▶ **THE PROBLEM**
Each of the entries below is to be written out exactly, and the images skipped.

SUPPLIED DATA below:

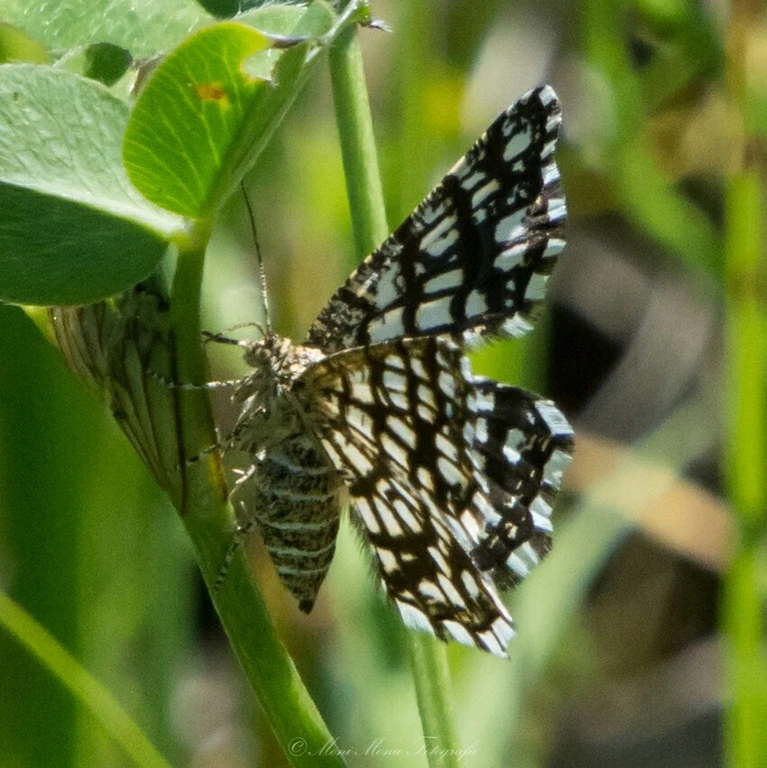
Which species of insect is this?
Chiasmia clathrata
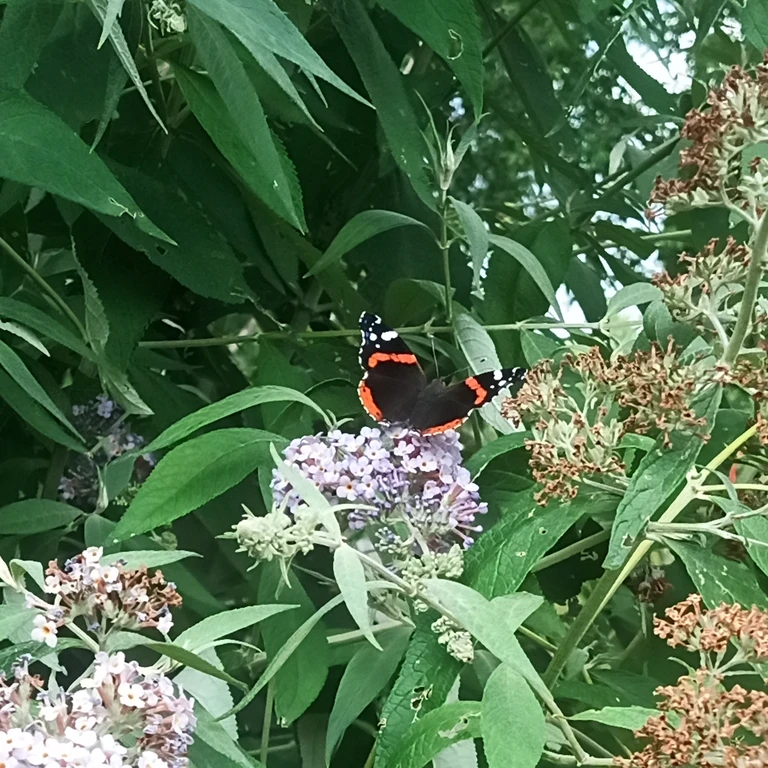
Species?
Vanessa atalanta
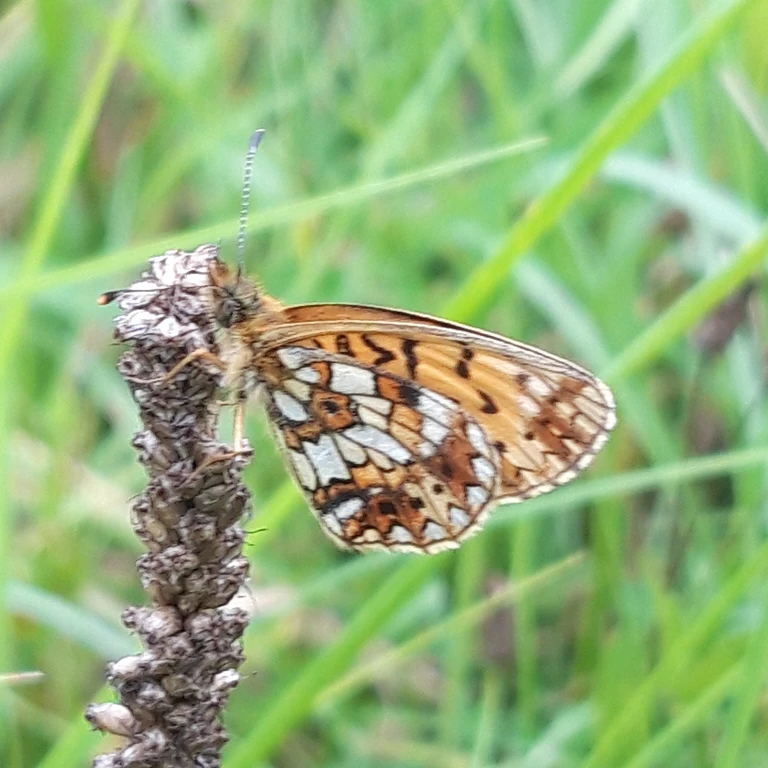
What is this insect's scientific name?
Boloria selene
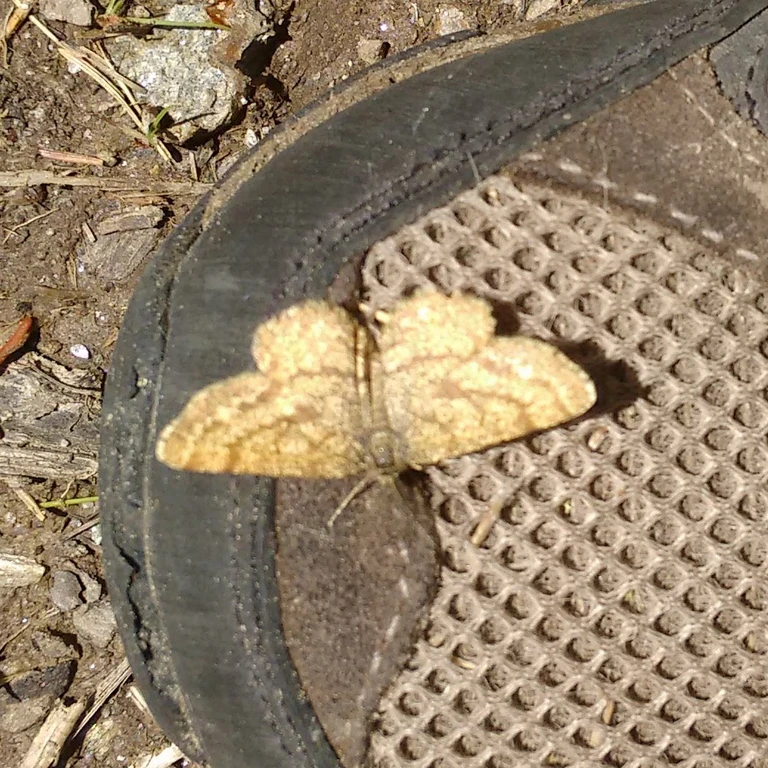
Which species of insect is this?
Ematurga atomaria
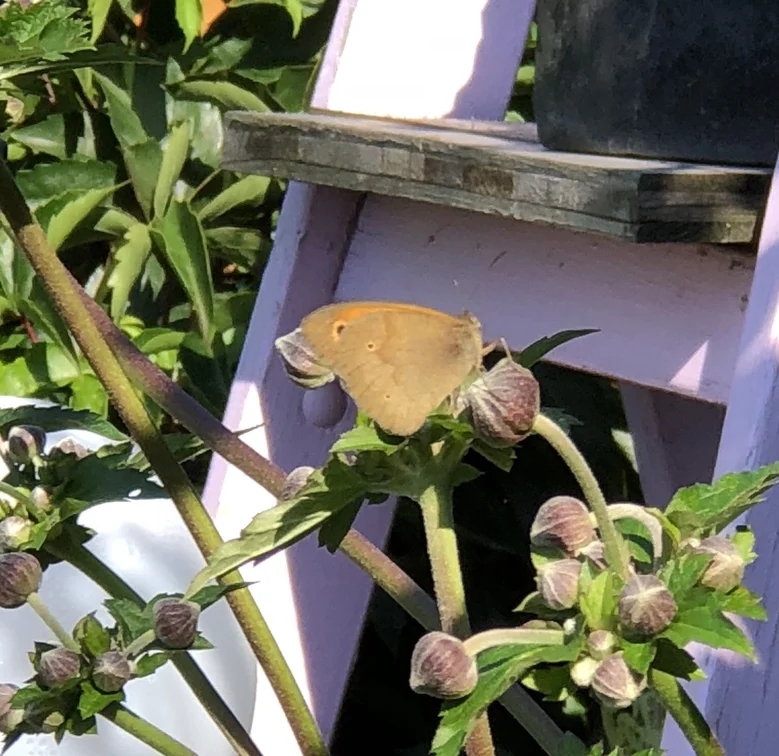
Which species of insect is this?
Maniola jurtina
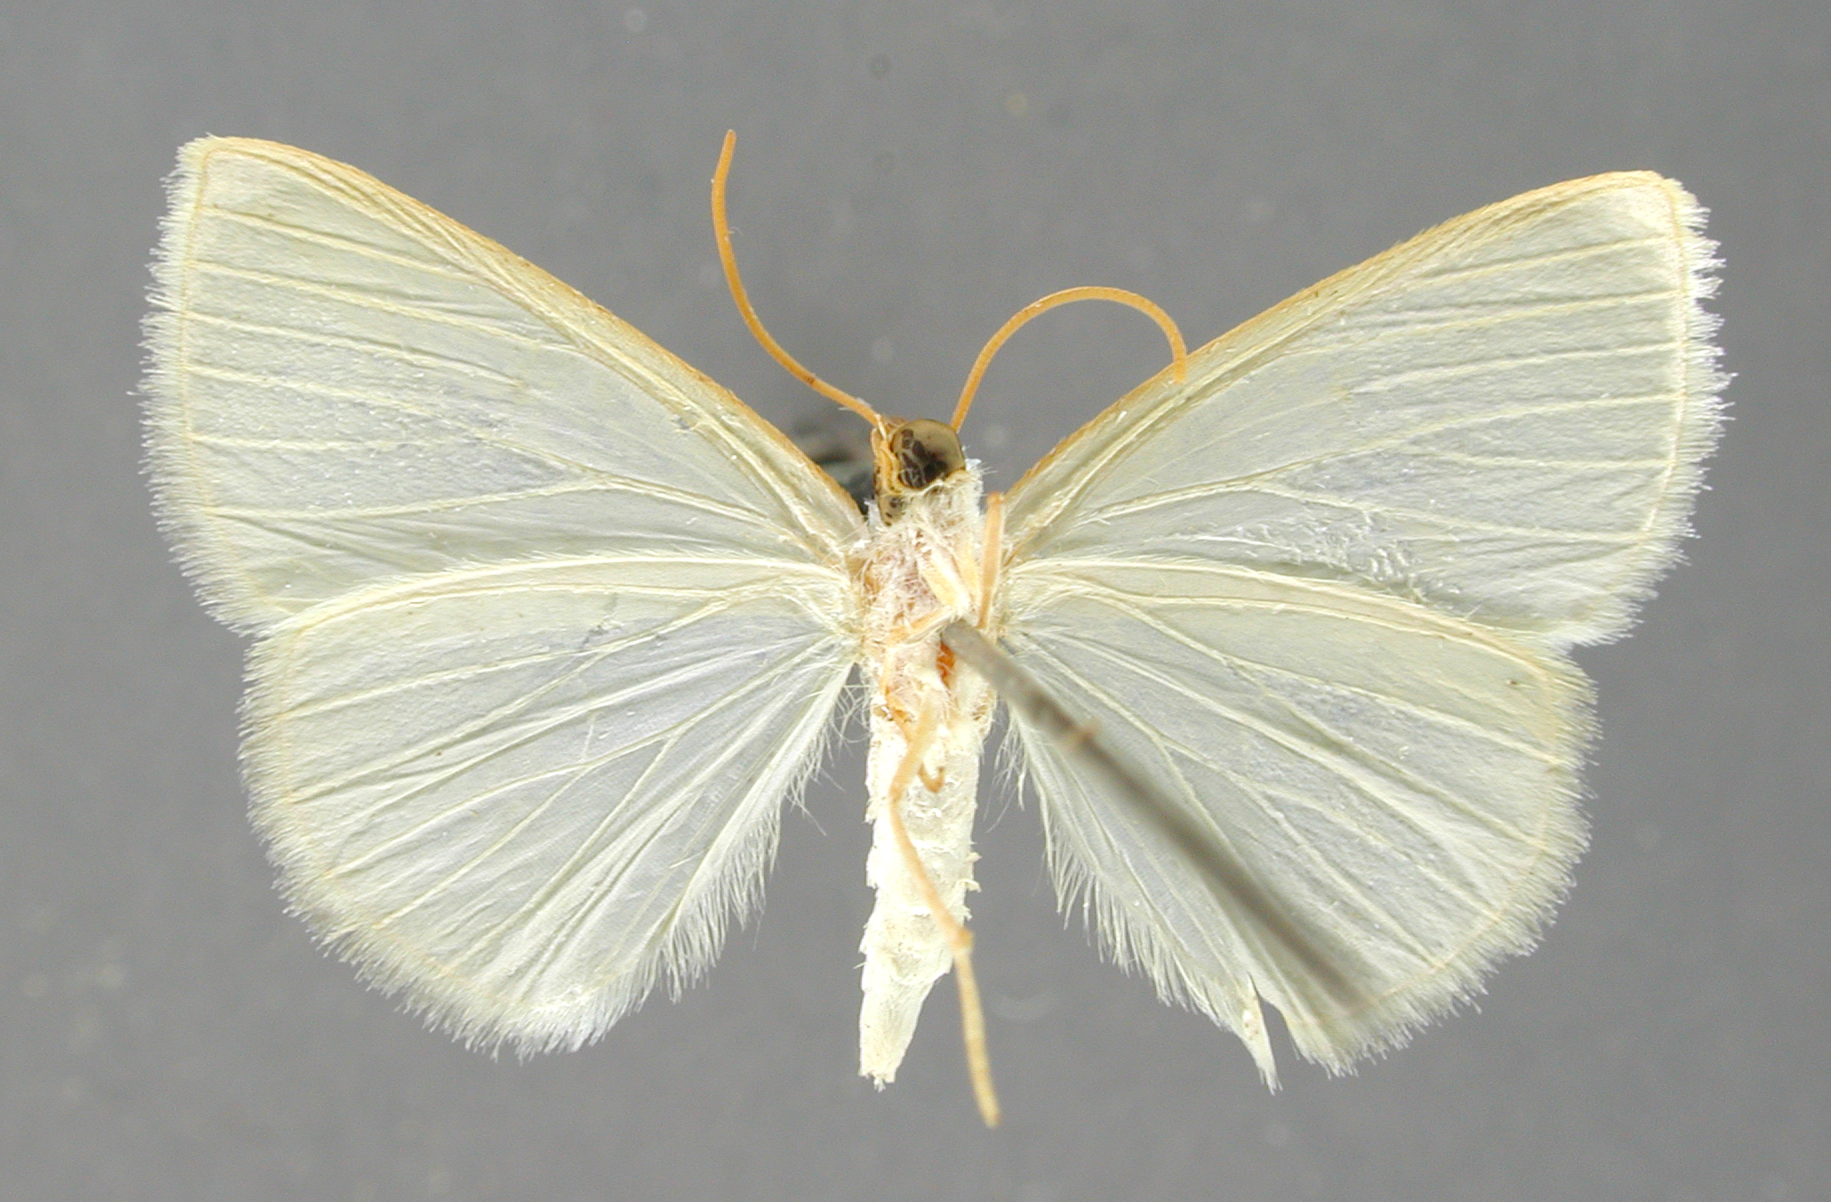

End of SUPPLIED DATA.

▶ **SOLVED EXERCISE**
Which species of insect is this?
Chiasmia clathrata
Species?
Vanessa atalanta
What is this insect's scientific name?
Boloria selene
Which species of insect is this?
Ematurga atomaria
Which species of insect is this?
Maniola jurtina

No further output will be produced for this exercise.